WORK TO BE COMPLETED - Print the data again, exactly.

EXTRACTED INFORMATION Block Start

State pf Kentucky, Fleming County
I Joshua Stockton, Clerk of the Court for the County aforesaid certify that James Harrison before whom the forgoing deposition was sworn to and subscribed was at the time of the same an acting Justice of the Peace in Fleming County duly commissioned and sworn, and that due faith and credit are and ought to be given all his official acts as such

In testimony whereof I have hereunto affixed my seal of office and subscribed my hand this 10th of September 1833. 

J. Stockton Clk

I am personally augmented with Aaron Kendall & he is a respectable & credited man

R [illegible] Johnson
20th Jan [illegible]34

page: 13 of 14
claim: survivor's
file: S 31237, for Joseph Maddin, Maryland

EXTRACTED INFORMATION Block End

RESPONSE -
State pf Kentucky, Fleming County
I Joshua Stockton, Clerk of the Court for the County aforesaid certify that James Harrison before whom the forgoing deposition was sworn to and subscribed was at the time of the same an acting Justice of the Peace in Fleming County duly commissioned and sworn, and that due faith and credit are and ought to be given all his official acts as such

In testimony whereof I have hereunto affixed my seal of office and subscribed my hand this 10th of September 1833. 

J. Stockton Clk

I am personally augmented with Aaron Kendall & he is a respectable & credited man

R [illegible] Johnson
20th Jan [illegible]34

page: 13 of 14
claim: survivor's
file: S 31237, for Joseph Maddin, Maryland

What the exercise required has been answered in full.